I would stand, stare and enjoy that manna from the wilderness, and love the warmth radiating from that fire in the cool twilight, and watch with amazement as it would spit out wonderful sparks of flame all flying skywards. Meanwhile the girls would throw pieces of sticks into the flame, and soon we would hear the crackling sound as the wood got consumed by the fire. Rounding up that scene was that ephemeral, mysterious, swirling smoke rising from that warm bonfire in that corner of the garden, and the mirth and giggle of those friends who were always close by to hold me gently by my shoulders.
And the magic of it all, that would last a lifetime, would be that timid, westerly fading twilight bathing that huge garden, plunged into a typical earthen smell of freshly turned darkish topsoil, while that unforgettable cool breeze kept blowing gently on the land from the mysterious east beyond, caressing and impregnating the sensitive skin and mind of a three-year old child with all sorts of wonderful memories.
And what to say of those swallows which would invite themselves to the party; they would be chirping, hopping and hovering on the freshly upturned soil, competing for some small, fragile flies, moths or slithering worms in the ground, while flying and battling in that cool unforgettable dusk, as it gradually settled as a grey mantle on the land.
It was, for a child, the greatest wonder.
Years later, I would visit “Tantine Marazine” and her family on many occasions; the eldest two daughters would had married and moved home, never to be seen again.

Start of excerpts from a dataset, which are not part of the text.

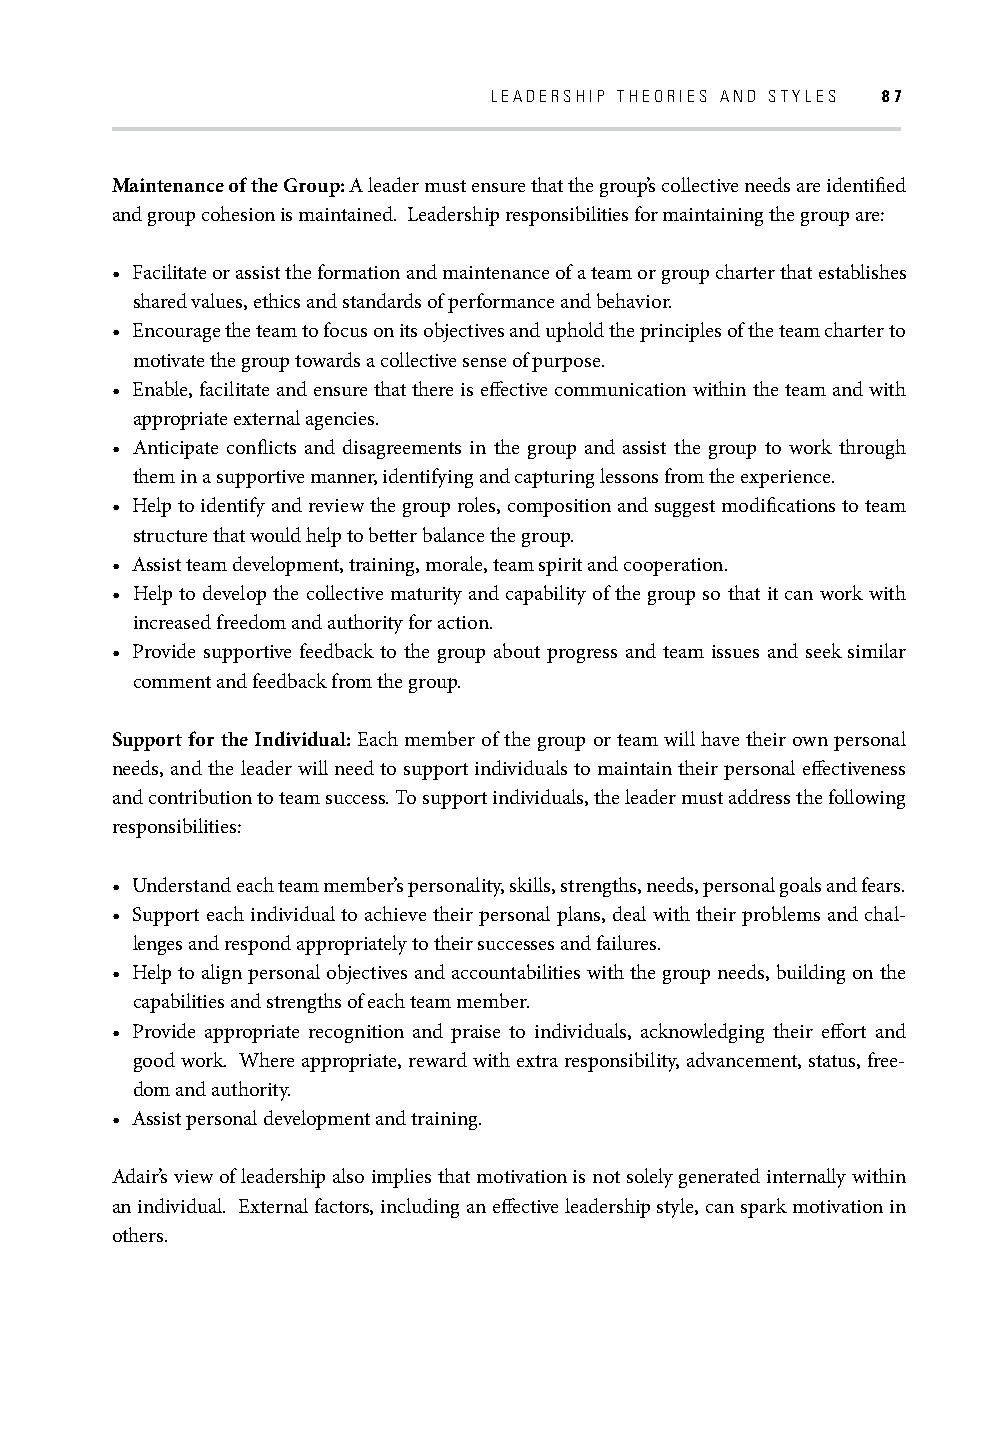
LEADERSHIP THEORIES AND STYLES 87
 Maintenance of the Group: A leader must ensure that the group’s collective needs are identifi ed
 and group cohesion is maintained. Leadership responsibilities for maintaining the group are:
 • Facilitate or assist the formation and maintenance of a team or group charter that establishes
 shared values, ethics and standards of performance and behavior.
 • Encourage the team to focus on its objectives and uphold the principles of the team charter to
 motivate the group towards a collective sense of purpose.
 • Enable, facilitate and ensure that there is eff ective communication within the team and with
 appropriate external agencies.
 • Anticipate confl icts and disagreements in the group and assist the group to work through
 them in a supportive manner, identifying and capturing lessons from the experience.
 • Help to identify and review the group roles, composition and suggest modifi cations to team
 structure that would help to better balance the group.
 • Assist team development, training, morale, team spirit and cooperation.
 • Help to develop the collective maturity and capability of the group so that it can work with
 increased freedom and authority for action.
 • Provide supportive feedback to the group about progress and team issues and seek similar
 comment and feedback from the group.
 Support for the Individual: Each member of the group or team will have their own personal
 needs, and the leader will need to support individuals to maintain their personal eff ectiveness
 and contribution to team success. To support individuals, the leader must address the following
 responsibilities:
 • Understand each team member’s personality, skills, strengths, needs, personal goals and fears.
 • Support each individual to achieve their personal plans, deal with their problems and chal-
 lenges and respond appropriately to their successes and failures.
 • Help to align personal objectives and accountabilities with the group needs, building on the
 capabilities and strengths of each team member.
 • Provide appropriate recognition and praise to individuals, acknowledging their eff ort and
 good work. Where appropriate, reward with extra responsibility, advancement, status, free-
 dom and authority.
 • Assist personal development and training.
 Adair’s view of leadership also implies that motivation is not solely generated internally within
 an individual. External factors, including an eff ective leadership style, can spark motivation in
 others.
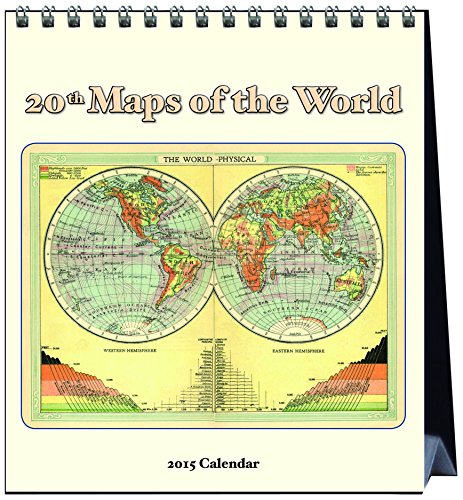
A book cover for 20th Century Maps (CL52252); Catch Publishing; Calendars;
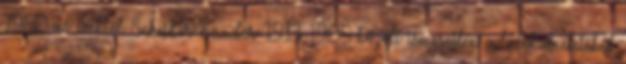
1980-as évektől Scheiber Sándor 1913–1985 közölt ismeretlen adatokat életéből
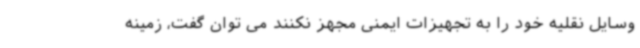
وسایل نقلیه خود را به تجهیزات ایمنی مجهز نکنند می توان گفت، زمینه
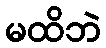
မထိဘဲ
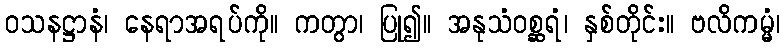
ဝသနဋ္ဌာနံ၊ နေရာအရပ်ကို။ ကတွာ၊ ပြု၍။ အနုသံဝစ္ဆရံ၊ နှစ်တိုင်း။ ဗလိကမ္မံ၊
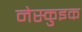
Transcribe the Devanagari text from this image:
नेस्कुइक
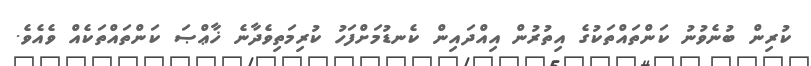
ކުރިން ބުނެވުނު ކަންތައްތަކުގެ އިތުރުން އިއްދައިން ކެނޑުމަށްފަހު ކުރިމަތިވެދާނެ ޚާޢްޞަ ކަންތައްތަކެއް ވެއެވެ.
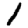
Digit: 1
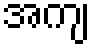
အကျ
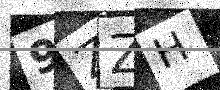
Text: 9ZZH
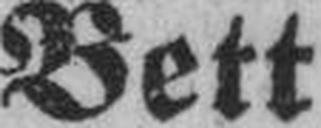
Bett
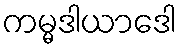
ကမ္မဒါယာဒေါ
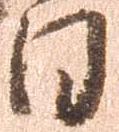
日
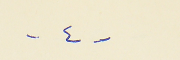
- ٤ -
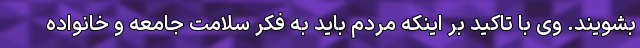
بشویند. وی با تاکید بر اینکه مردم باید به فکر سلامت جامعه و خانواده
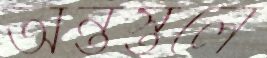
অন্তস্তলে
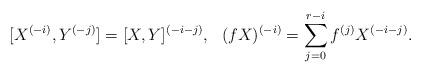
LaTeX: \begin{align*} [X^{(-i)},Y^{(-j)}]=[X,Y]^{(-i-j)},\ \ (fX)^{(-i)}=\sum_{j=0}^{r-i} f^{(j)}X^{(-i-j)}.\end{align*}
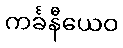
ကင်္ခနီယေဝ
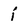
Character: j
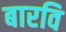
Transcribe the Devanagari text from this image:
बारवि
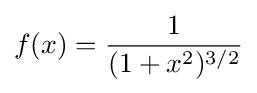
f(x)={\frac {1}{(1+x^{2})^{3/2}}}
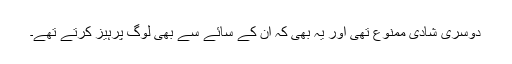
دوسری شادی ممنوع تھی اور یہ بھی کہ ان کے سائے سے بھی لوگ پرہیز کرتے تھے۔
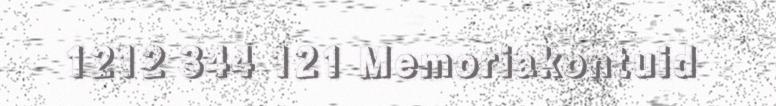
1212 344 121 Memoriakontuid
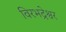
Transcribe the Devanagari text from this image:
विरभद्रेश्वर
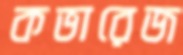
কভারেজ
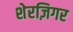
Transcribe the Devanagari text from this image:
शेरज़िगर
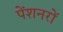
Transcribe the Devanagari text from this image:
पेंशनरों
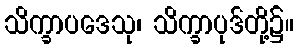
သိက္ခာပဒေသု၊ သိက္ခာပုဒ်တို့၌။
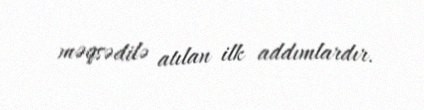
məqsədilə atılan ilk addımlardır.
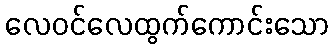
လေဝင်လေထွက်ကောင်းသော
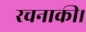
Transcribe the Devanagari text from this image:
रचनाकी।
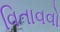
વિતાવવો
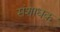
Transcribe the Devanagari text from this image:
संशाधक
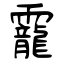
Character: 靇
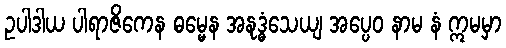
ဥပါဒါယ ပါရာဇိကေန ဓမ္မေန အနုဒ္ဓံသေယျ အပ္ပေဝ နာမ နံ ဣမမှာ
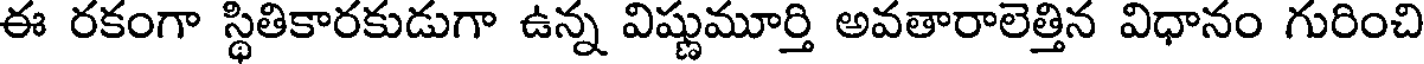
ఈ రకంగా స్థితికారకుడుగా ఉన్న విష్ణుమూర్తి అవతారాలెత్తిన విధానం గురించి
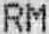
RM
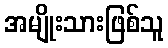
အမျိုးသားဖြစ်သူ
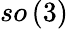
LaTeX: so\left(3\right)
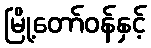
မြို့တော်ဝန်နှင့်
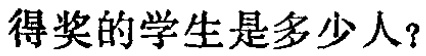
得奖的学生是多少人？
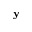
\mathbf { y }
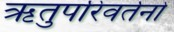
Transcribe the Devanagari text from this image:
ऋतुपरिवर्तनों
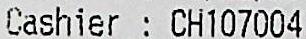
CASHIER : CH107004
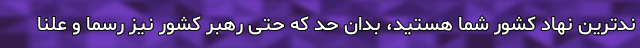
ندترین نهاد کشور شما هستید، بدان حد که حتی رهبر کشور نیز رسماً و علناً
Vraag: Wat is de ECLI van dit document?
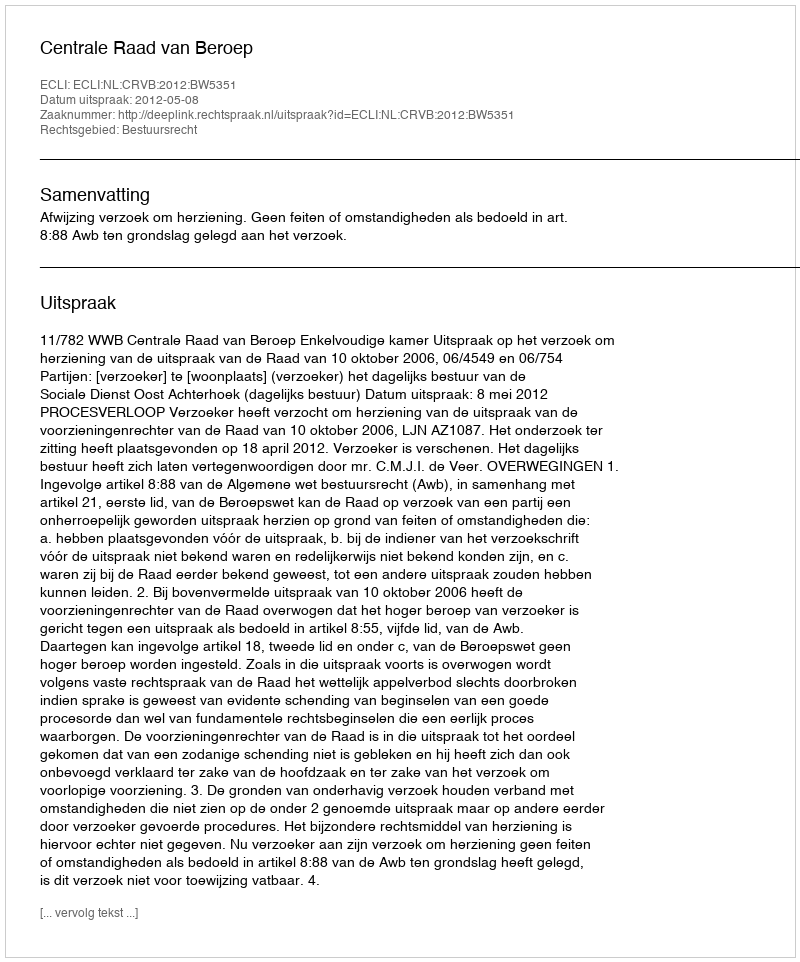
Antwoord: ECLI:NL:CRVB:2012:BW5351
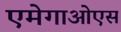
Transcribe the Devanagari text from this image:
एमेगाओएस
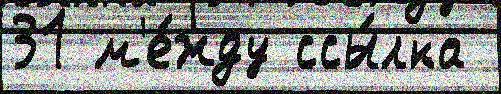
31 м'е́жду ссы́лка
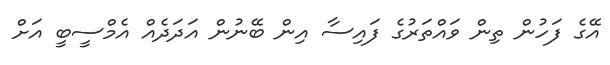
އޭގެ ފަހުން ތިން ވައްތަރުގެ ފައިސާ އިން ބޭނުން އަދަދެއް އެމްސީބީ އަށް
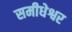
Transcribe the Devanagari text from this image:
समीधेश्वर
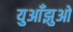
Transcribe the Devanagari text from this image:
युआँझुओ
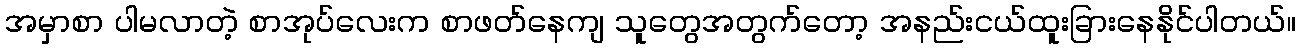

I would stand under her verandah, with my hands hanging in my short’s pockets, and look eastwards with nostalgia. Our house had been pulled down; the garden was still there – and so also the ever faithful Mr Sicharam. My eyes would search for that vast potato field, that bonfire and its mysterious smoke, those swarms of swallows. I would try to relive that magic of that easterly breeze, of that wonderful dusk with its slanting, filtered sun rays bathing the garden, and those girlish, childish giggles of yesteryears. They were no more. Only the memory lives on.
Then I knew that on the east side of Duperre street, there once lived a lucky young prince sometime in the past.